We do this first step only to make sure we all understood the problem correctly. Hence, we write it a bit more "algorithmically":

**Assumptions**:

- 3 containers, one contains the car, two contain a goat
- the probability that the car is in any specific container is 1/3
- we don't know which one container contains what
- we win if we chose the container with the car in the end
- the host has full information about the content of each container and opens
*always*a goat container

**Procedure**

- We choose one container.
- The game show host open a different container than the one we chose. This container contains a goat.
- We are asked wether we want to switch to the container.
- We switch the container or not.
- The container we chose in the end is opened.

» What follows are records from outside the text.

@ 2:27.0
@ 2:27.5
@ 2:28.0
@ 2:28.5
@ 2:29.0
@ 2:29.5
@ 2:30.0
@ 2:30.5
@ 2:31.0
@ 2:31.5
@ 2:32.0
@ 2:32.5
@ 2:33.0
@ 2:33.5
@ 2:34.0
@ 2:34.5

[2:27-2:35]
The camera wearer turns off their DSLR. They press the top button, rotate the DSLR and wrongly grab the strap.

I hope that we are all on the same page now. If something isn't clear so far, feel free to ask in a comment.

## Simulate the Problem

Instead of making a deep dive into probability theory, we try to simulate the situation at first. Such explorative simulations are often a good idea because we might discover counter-intuitive behaviour. If we later analyse the problem in a more theoretical way, we can check if the results match.

### Case A: No Switching

We start with the easier case, namely we don't switch when we have the chance. In this situation, the procedure is a lot simpler:

- Choose a container
- Game host opens our container and reveals wether we won

Because we never switch, the moderator doesn't have to open a container. Hence, we can ignore this step of the game.

Our simulation consists of two parts: In the first part, we simulate the mechanisms of *one* game. In the second part, we perform several games to get a good estimate for the true probability.

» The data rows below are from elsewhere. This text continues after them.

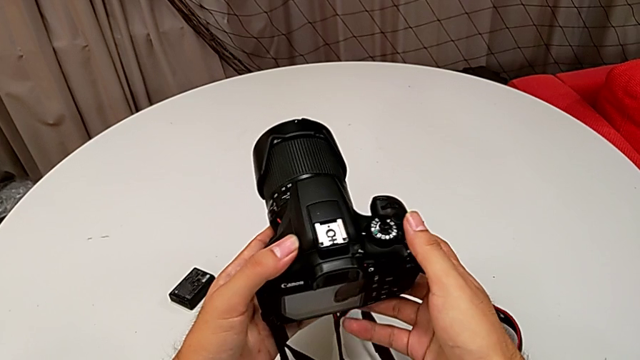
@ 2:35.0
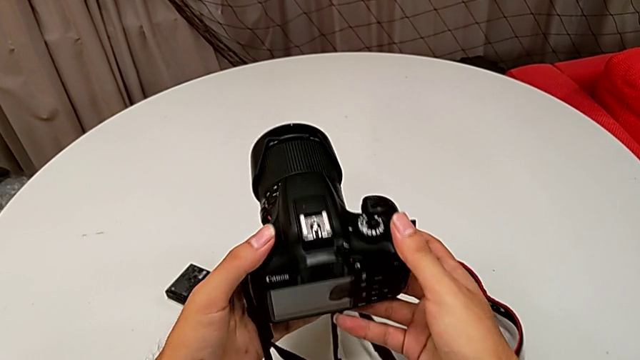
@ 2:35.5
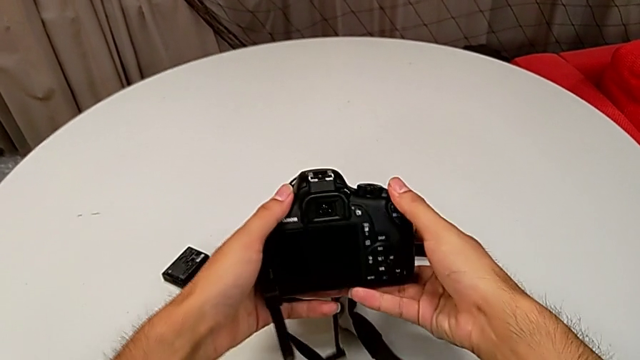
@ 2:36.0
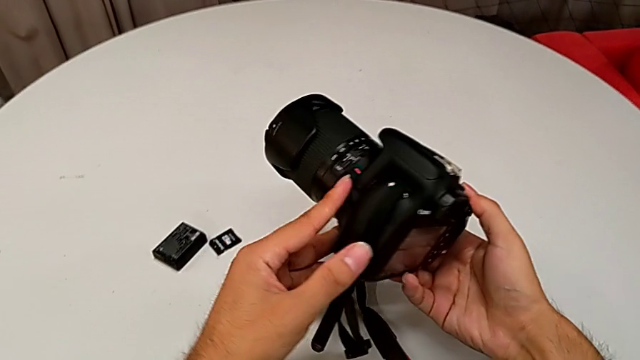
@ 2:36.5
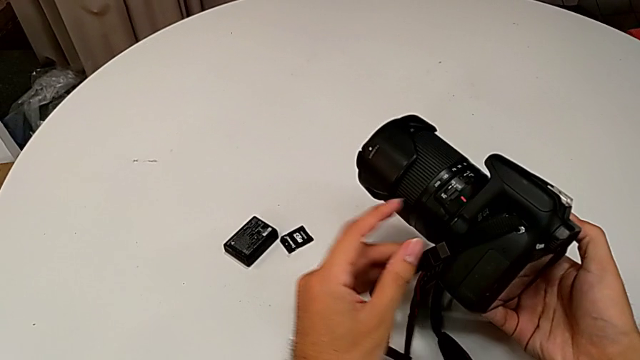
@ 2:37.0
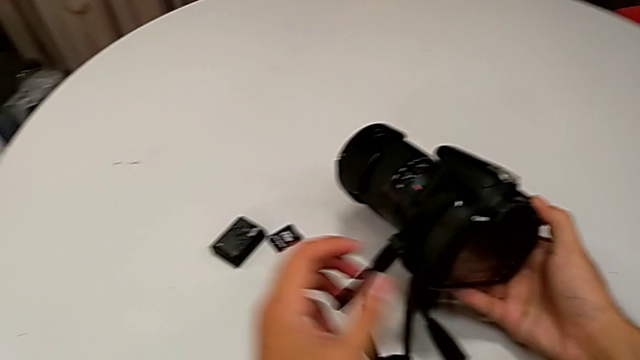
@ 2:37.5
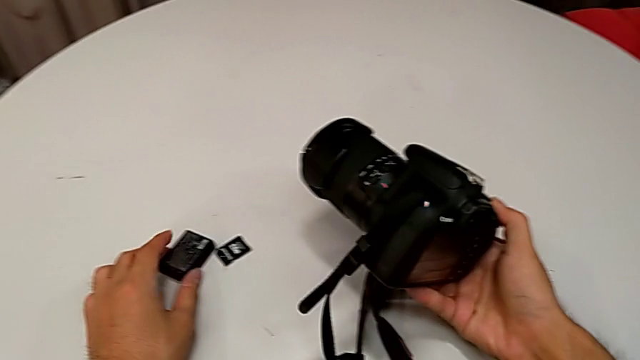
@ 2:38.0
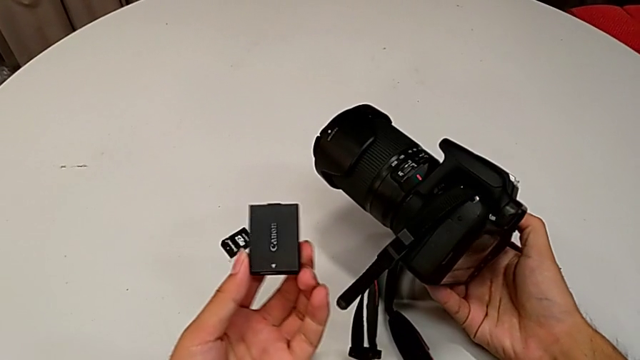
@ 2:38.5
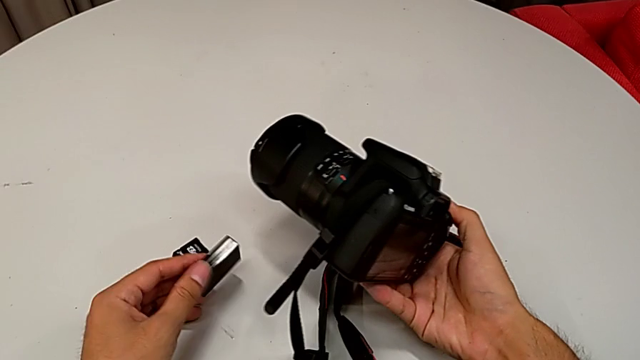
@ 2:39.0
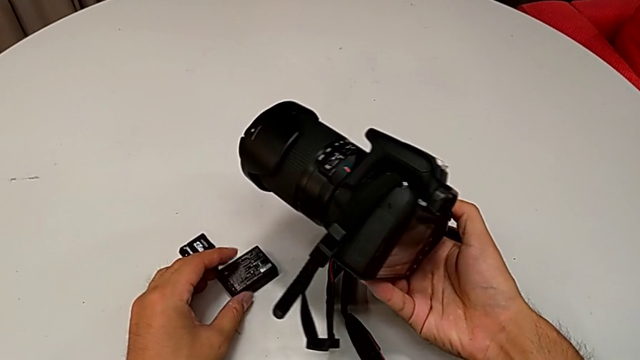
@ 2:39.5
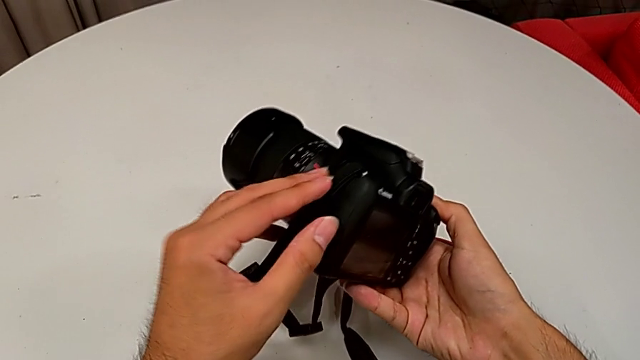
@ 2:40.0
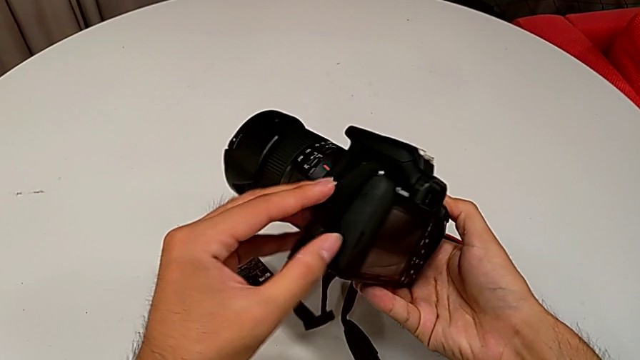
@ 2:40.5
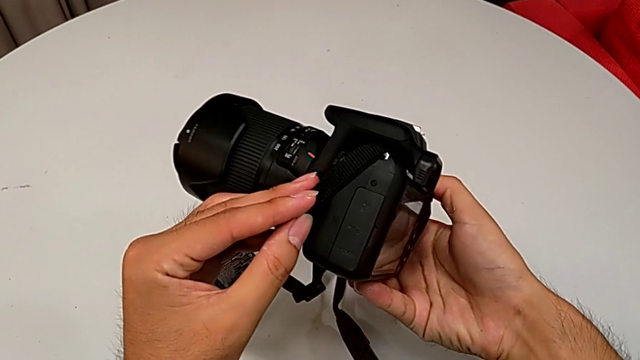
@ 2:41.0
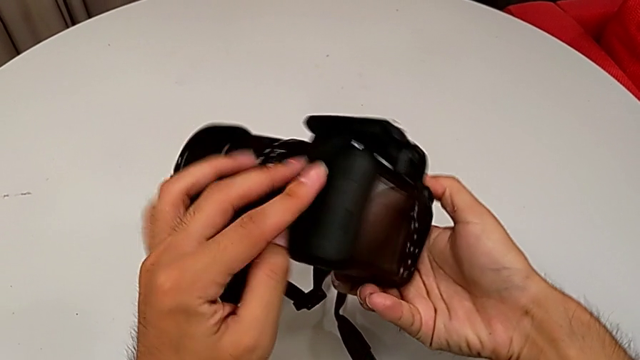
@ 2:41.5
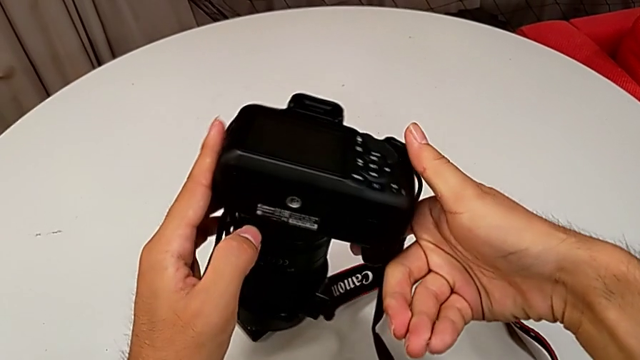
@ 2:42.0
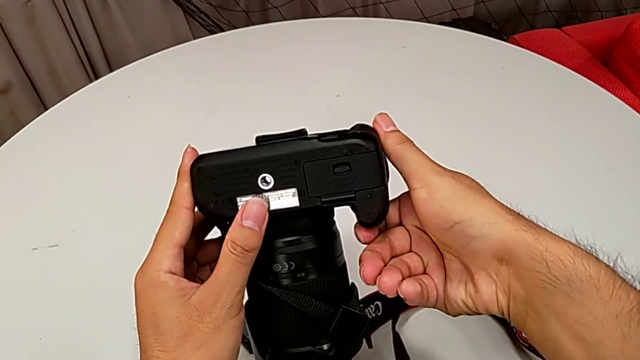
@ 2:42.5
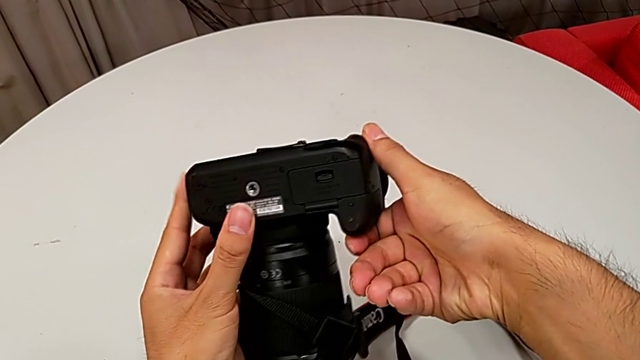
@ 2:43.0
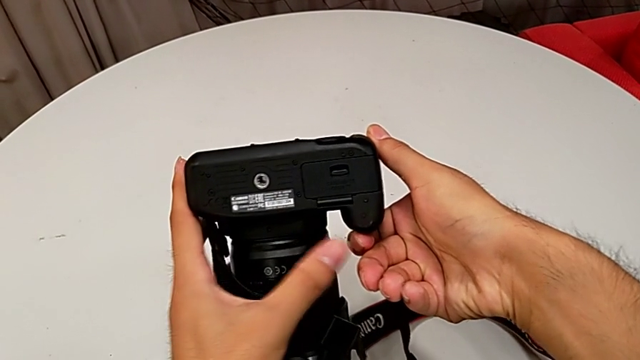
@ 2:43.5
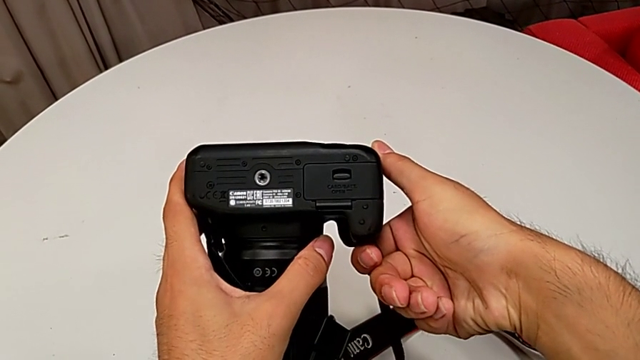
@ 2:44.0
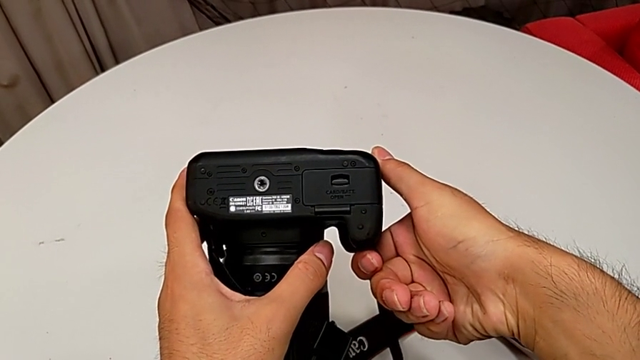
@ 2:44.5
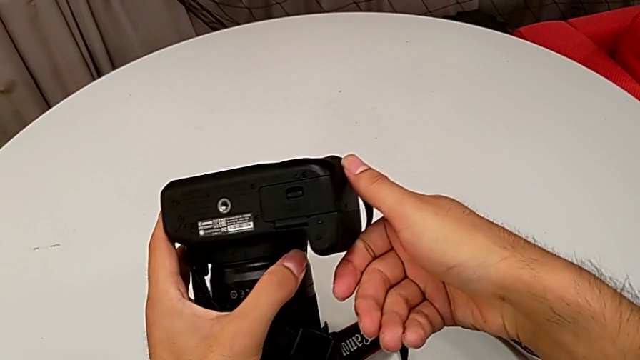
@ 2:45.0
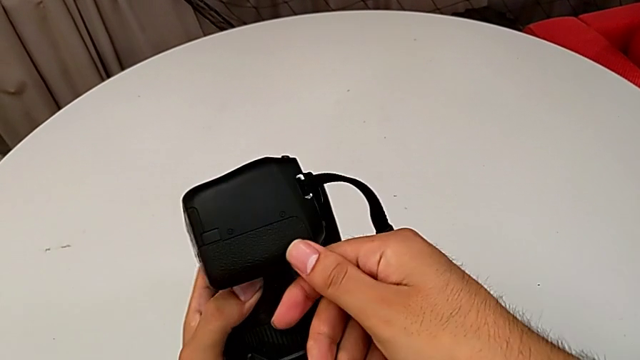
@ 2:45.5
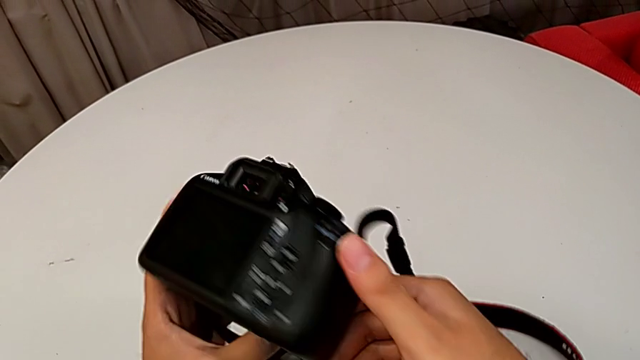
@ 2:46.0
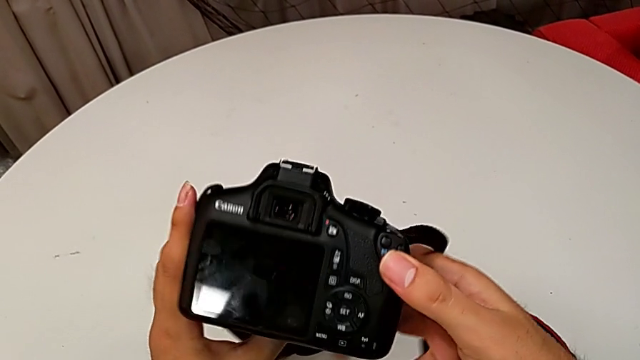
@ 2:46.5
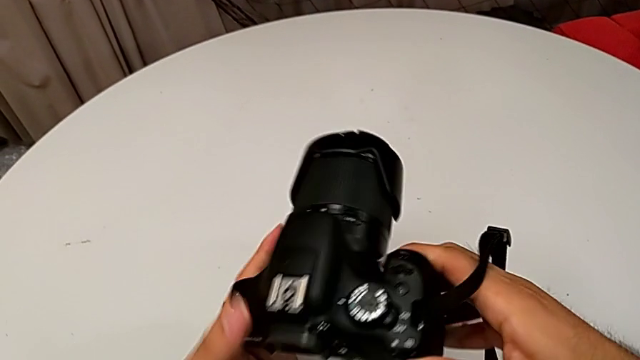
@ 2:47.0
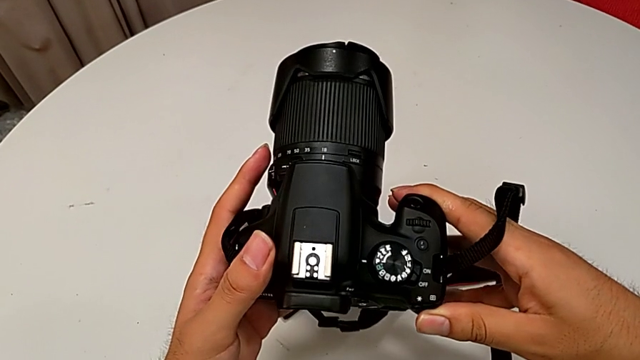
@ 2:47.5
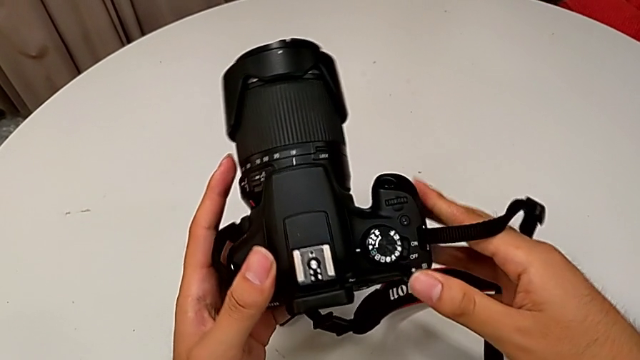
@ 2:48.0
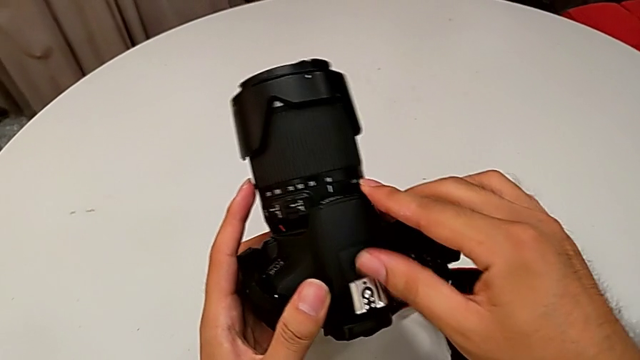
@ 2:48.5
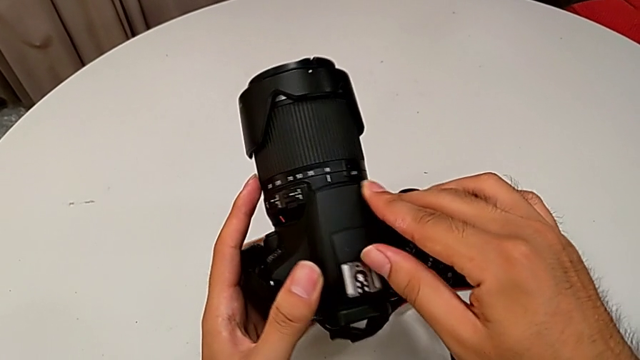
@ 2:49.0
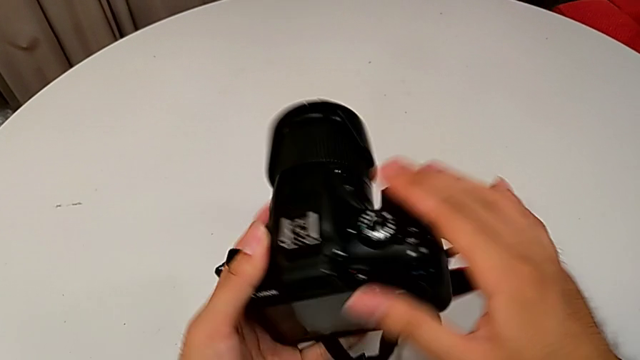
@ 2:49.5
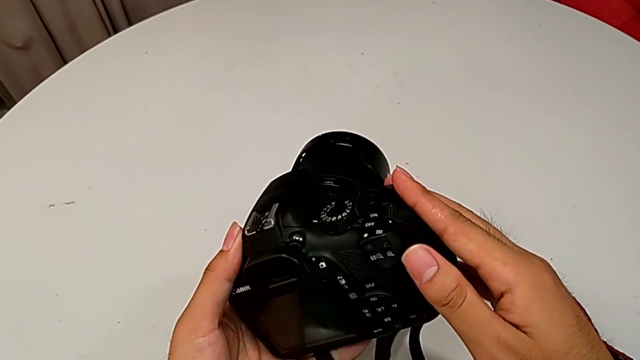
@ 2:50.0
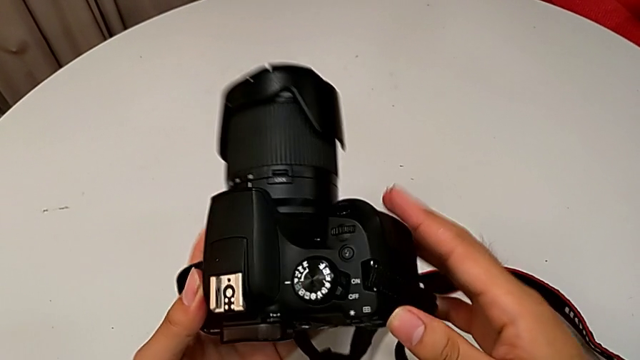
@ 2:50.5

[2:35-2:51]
The camera wearer is removing the old battery from the DSLR. They rotate the DSLR, lift the battery, place it, inspect the left DSLR, inspect the bottom DSLR and inspect the top DSLR.

A single game looks like this:

```
def gameshow_no_switching(user_choice:int) -> bool:
"""One gameshow with the user strategy "no switching".
The car is behind one of the three containers `0,1,2`.
Parameters
----------
- `user_choice`: container chosen by the user
Returns
-------
- `true` if the user chose the container with the car
- `false` otherwise
"""
car_container = randint(0,2)
if user_choice == car_container:
return True
return False
```

`randint(0,2)`

chooses a random integer in `{0,1,2}`

.

Repeating the games is a now trivial thing:

```
def simulate_gameshow(n_times:int) -> None:
"""Simulates the game show `n_times` and prints the
estimates for the probabilites to choose the container with
the car.
"""
n_car = 0 # saves how often we get the car
for _ in range(n_times):
if gameshow_no_switching(randint(0,2)):
n_car += 1
print("Probabilty to choose the right container: {:.1f}%".format(n_car/n_times*100))
```

In order to get a reliable estimate, we run the gameshow a million times. The output always should be approximately `33.3%`

.

That's of course what our intuition would suggest: We can only guess which of the three doors is the right one. Hence we have chance of 1/3 to choose correctly.

### Case B: Switching

In this case, everything becomes a bit more complex. Hence, we will write down what we have to do if we switch all the time:

- We choose initially a container.
- The host opens a different container and reveals a goat.
- We switch to the other closed container.
- This container is opened and checked to see wether we won.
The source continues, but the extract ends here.